Runic have clearly learnt some lessons from Diablo. I assume some of this stuff may have come from the intervening versions of Diablo as well, rather than being their inventions, but as those aren't what I'm playing it's no odds to me. I'm interested in the game, rather than dispensing due praise, and it's not like anyone's desperately keen for my approval of games they made in the past that made them untold riches.
One of the major, major improvements - by which I mean, actually made it possible for me to play this game for more than a few minutes - is letting you hold down the mouse button to keep attacking. Diablo I, I'm 99% sure, did not have this feature, and it was all about constant clicking on absolutely everything. Me now having RSI, and doing most of my computing on a laptop, this is not a great combination. However, with button-holding I can cleave my way through lots of enemies with abandon. Now, I’m not going to claim it’s perfect: an optional WASD-type control scheme for the game would have been very welcome and almost certainly better, and sometimes the button-holding left your character attacking suboptimal targets or simply blasting away into empty space in the opposite direction from the mob of frenzied monsters. But it was okay.
There are other really sensible conveniences too, which to me showed a lot of awareness of the game they're actually writing, rather than the one Diablo apparently though they were writing. Major features of Diablo were detailed inventory control and detailed looting. If you wanted something, you had to spot it on the screen, which was typically a dark, corpse-strewn mess on which the sought-after ring or dagger showed up like a snowflake in a packet of Persil. Then, you had to try and work out what series of devious Tetroid manipulations would let you cram it into your overloaded backpack, which had already been emptied of all but the most valuable of treasures, because lugging even one load back to the village would be deeply inconvenient. Coins piled up in great mounds that didn't remotely approach realistic levels of inconvenience, but nonetheless got in the way of cramming loot into your pack. By the time I gave up on it, there was a swathe of village piled high with gold, unreadable spellbooks, scrolls, potions, and treasures that were too good to sell (or occasionally, had sentimental value) but nowhere near good enough to keep using. You had to take it, though, because on the astronomically-low chance anything you actually wanted cropped up in the shops, you'd need every penny you could scavenge. Mostly I wanted spells, because obviously.

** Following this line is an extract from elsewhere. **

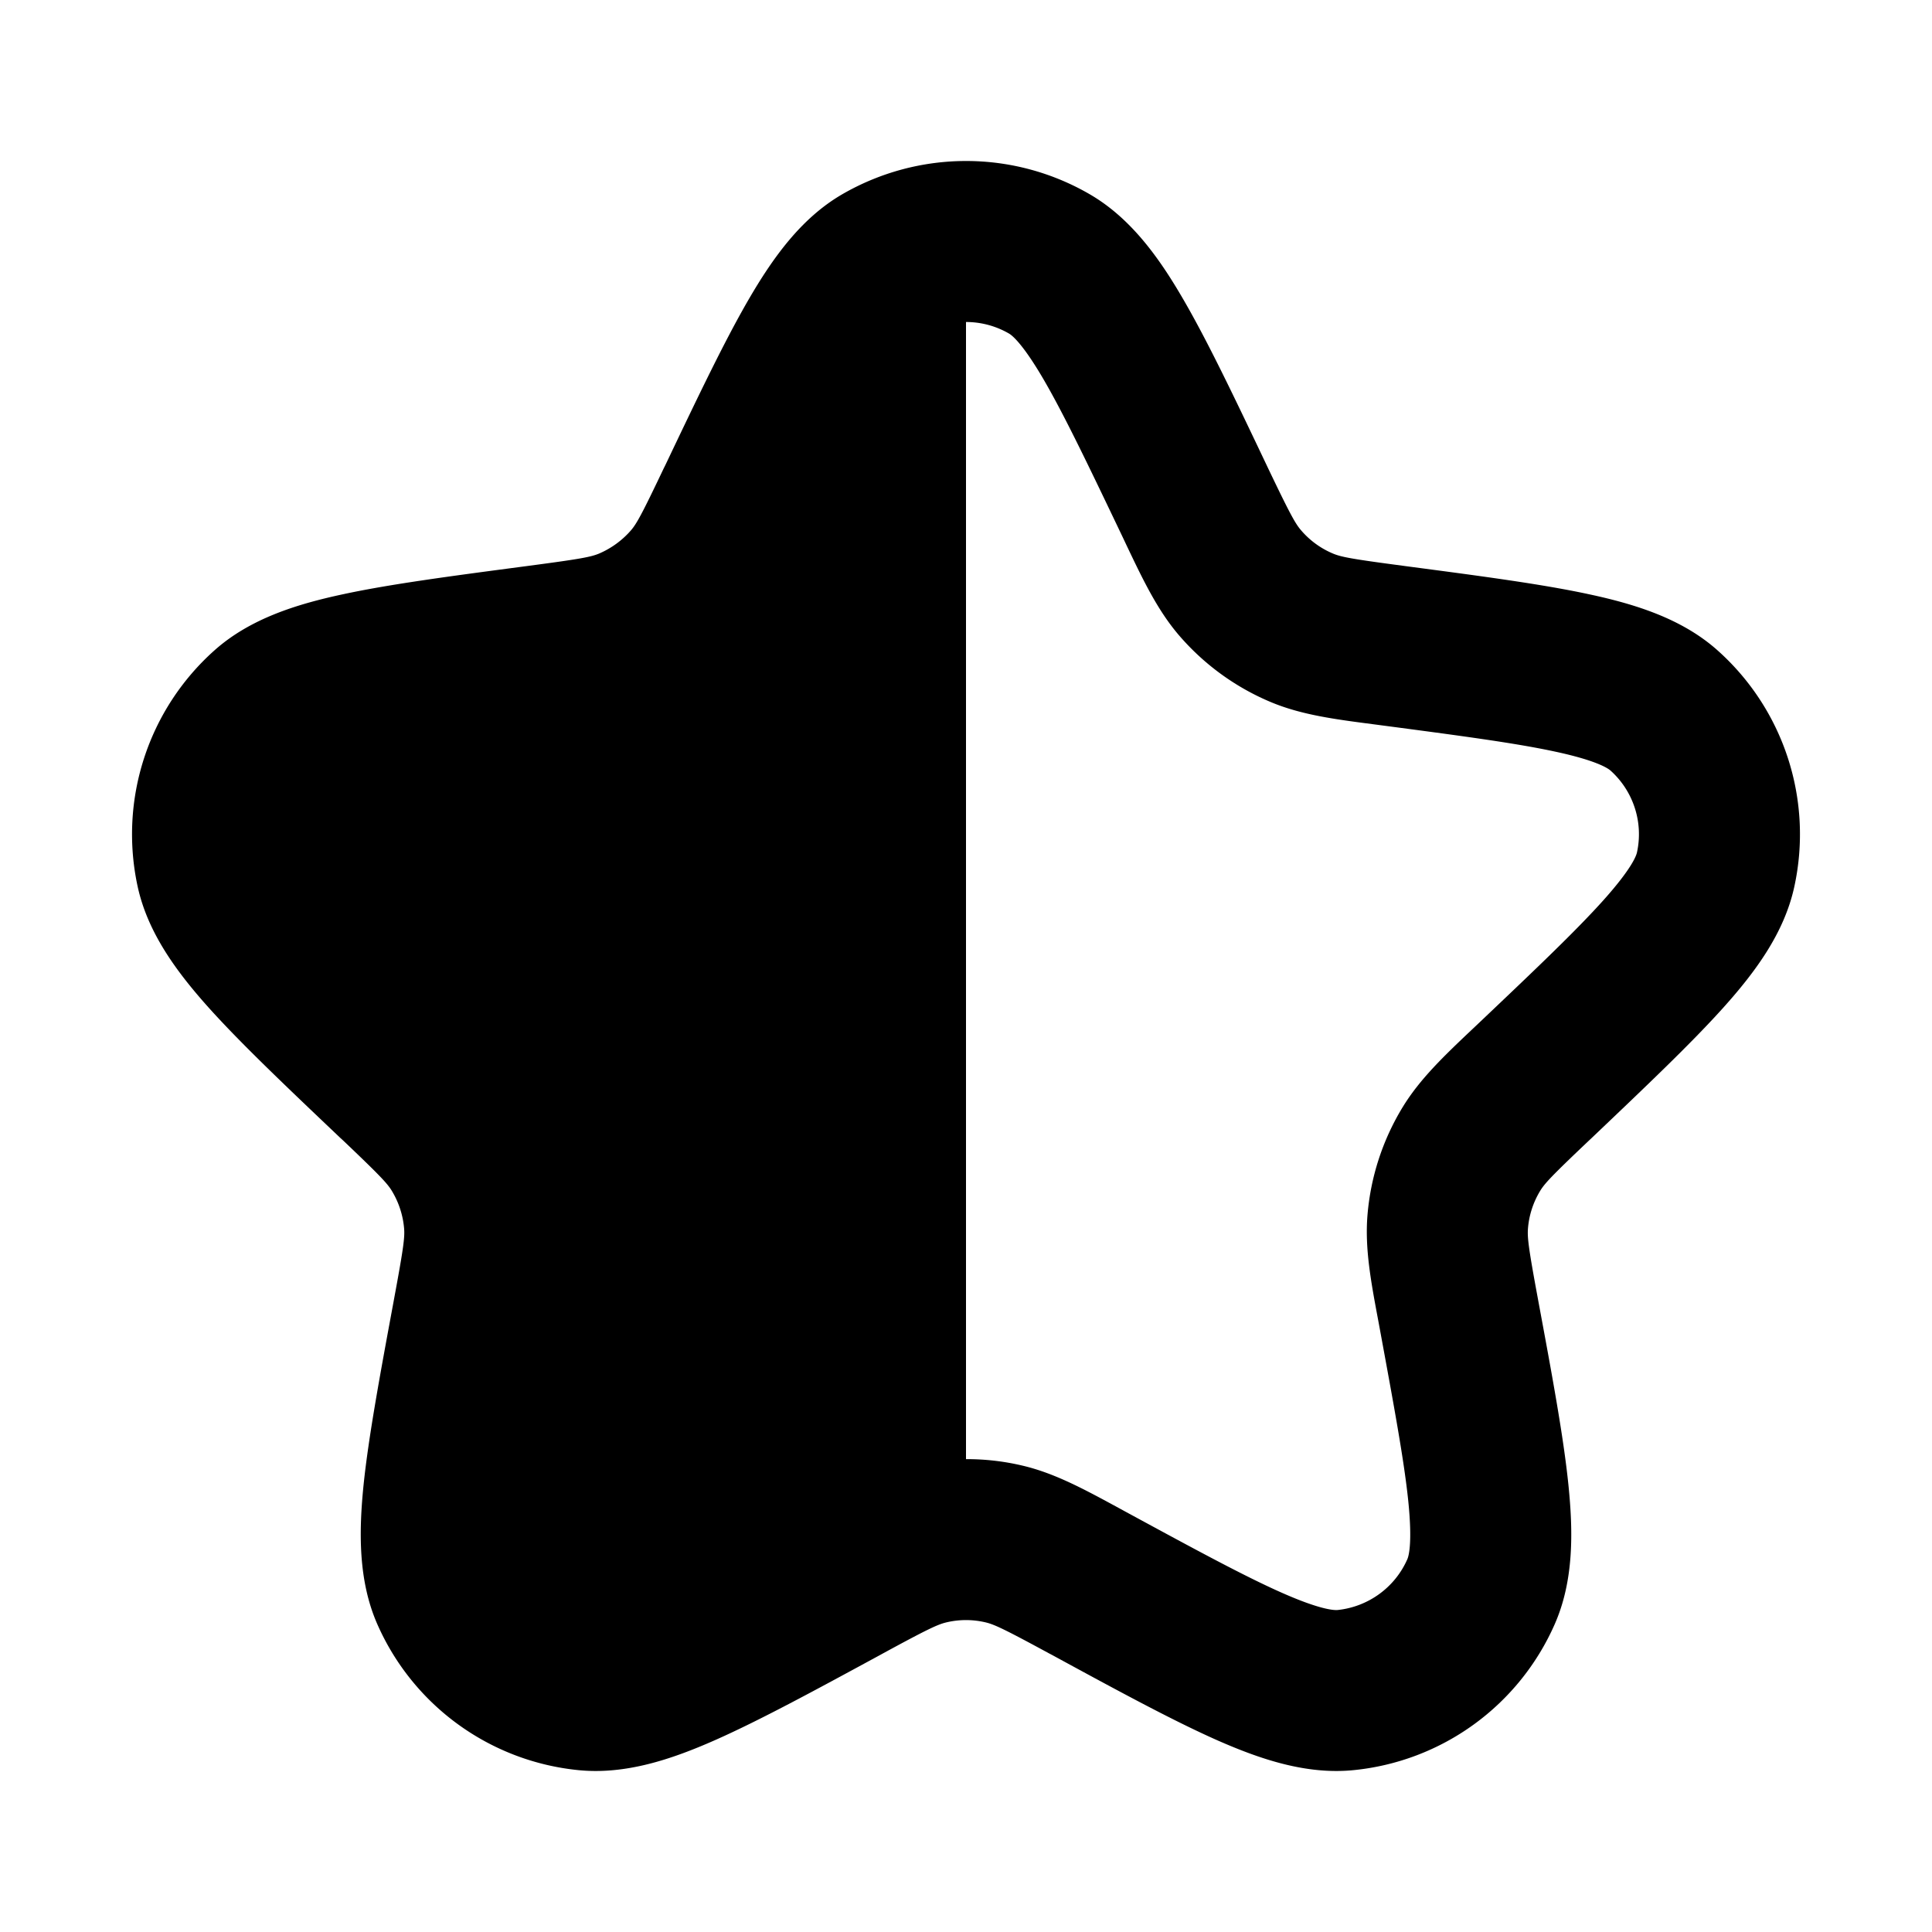 <svg xmlns="http://www.w3.org/2000/svg" width="24" height="24" fill="none" viewBox="0 0 24 24" id="icon"><path fill="currentcolor" fill-rule="evenodd" d="M12 2c-.532 0-1.065.139-1.542.416-.512.299-.862.795-1.158 1.304-.3.517-.63 1.208-1.034 2.056l-.02.04c-.273.574-.337.689-.408.772a1.1 1.1 0 0 1-.397.289c-.102.042-.231.067-.86.15l-.045.006c-.931.123-1.691.223-2.275.349-.575.123-1.156.303-1.598.698a3.06 3.06 0 0 0-.953 2.933c.126.579.49 1.066.882 1.504.399.444.955.972 1.636 1.619l.033.03c.46.438.55.534.607.628.086.142.138.302.152.467.009.11-.007.24-.123.865l-.008.044c-.171.923-.31 1.677-.372 2.27-.06.586-.068 1.194.17 1.736a3.06 3.06 0 0 0 2.495 1.813c.59.06 1.166-.136 1.704-.374.546-.242 1.22-.607 2.045-1.055l.04-.022c.557-.303.677-.358.784-.384a1.06 1.06 0 0 1 .49 0c.107.026.227.081.785.384l.04.021c.825.449 1.499.814 2.044 1.056.539.238 1.114.434 1.704.374a3.06 3.06 0 0 0 2.495-1.812c.239-.543.23-1.15.17-1.736-.061-.594-.2-1.347-.372-2.271l-.008-.044c-.116-.625-.131-.755-.122-.865.013-.165.065-.325.151-.467.057-.094.147-.19.608-.627l.032-.03c.681-.648 1.237-1.176 1.636-1.62.393-.438.757-.925.882-1.504a3.06 3.06 0 0 0-.953-2.933c-.442-.395-1.023-.575-1.598-.698-.583-.126-1.343-.226-2.275-.349l-.044-.006c-.63-.083-.759-.108-.86-.15a1.06 1.06 0 0 1-.397-.289c-.072-.083-.136-.198-.41-.771l-.019-.04C15.33 4.927 15 4.236 14.7 3.72c-.295-.509-.646-1.005-1.158-1.304A3.06 3.06 0 0 0 12 2m0 2c.185 0 .37.048.535.144.038.022.172.127.435.58.254.438.55 1.056.979 1.954l.042.089c.207.435.387.812.654 1.124.312.363.704.648 1.145.832.379.158.793.212 1.27.274l.099.013c.986.13 1.665.22 2.16.327.513.11.653.206.686.234.285.255.412.644.33 1.018-.009.043-.067.203-.416.593-.338.377-.835.85-1.556 1.534l-.072.068c-.35.331-.653.619-.867.97a3.06 3.06 0 0 0-.437 1.345c-.033.41.043.82.132 1.294l.018.097c.18.978.305 1.652.357 2.156.053.521.006.684-.012.724-.154.35-.485.59-.865.63-.044.004-.214-.002-.693-.214-.463-.205-1.065-.531-1.94-1.006l-.086-.047c-.424-.23-.79-.43-1.19-.525a3 3 0 0 0-.708-.082z" clip-rule="evenodd"/></svg>

Torchlight, in contrast, realises that it is not in fact a gritty exploration of what it means to delve sinister crypts beneath a church to cleanse it of demonic taint, emphasising every practical consideration and concern, but a cheerful fantasy hackfest of slaying monsters and taking all their stuff. To that end, they've dispensed with basically all that. You have limited inventory space, but any item from a scroll to a suit of armour takes up just one slot, rather than overflowing into six. Gold, to my immense relief, is some kind of non-spatial substance that simply exists in pure numerical form. Loot lying around has little floating labels that not only mark it out (no need to pixel-hunt here!), but also flag up immediately whether it's magical (and therefore worth taking) or mundane (and therefore, after about three levels, not). You can toggle them on and off if you like.
Moreover, Runic, in their vast wisdom, have realised that while opinions on longbows or staves may vary, there is virtually no situation in which anyone does not want to pick up the large pile of shiny gold pieces, and therefore allow you to do so simply by walking somewhere nearby, saving huge amounts of clicking. The one downside to this is that you can’t place gold into the shared stash to smooth the path for follow-up characters. If you’re someone like me, replaying the early missions with your rusty and inadequate starting equipment isn’t especially rewarding, because replay value arrives once you’ve had a chance to actually pick up some of your new class’ powers, so being able to just buy something decent right off and burn through the first few levels would have been nice.
On top of this, Runic have added a pet to the game. Just for starters, this allows you to wander around looting dungeons with your pet ferret, which is frankly enough for me. Said pet is unkillable, so no worries about that (thanks, Baldur's Gate!) but will flee if it gets badly wounded. But in practical terms, it's both a vicious fighter and a pack mule. The pet doubles your inventory space, and can even be sent back to town to sell unwanted loot, although once I discovered the crafting mechanics that basically fell by the wayside. Plus, it's a wizard! You can't control your pet in detail, but teach it a couple of spells and it will use them at appropriate junctures, which is particularly handy with healing spells.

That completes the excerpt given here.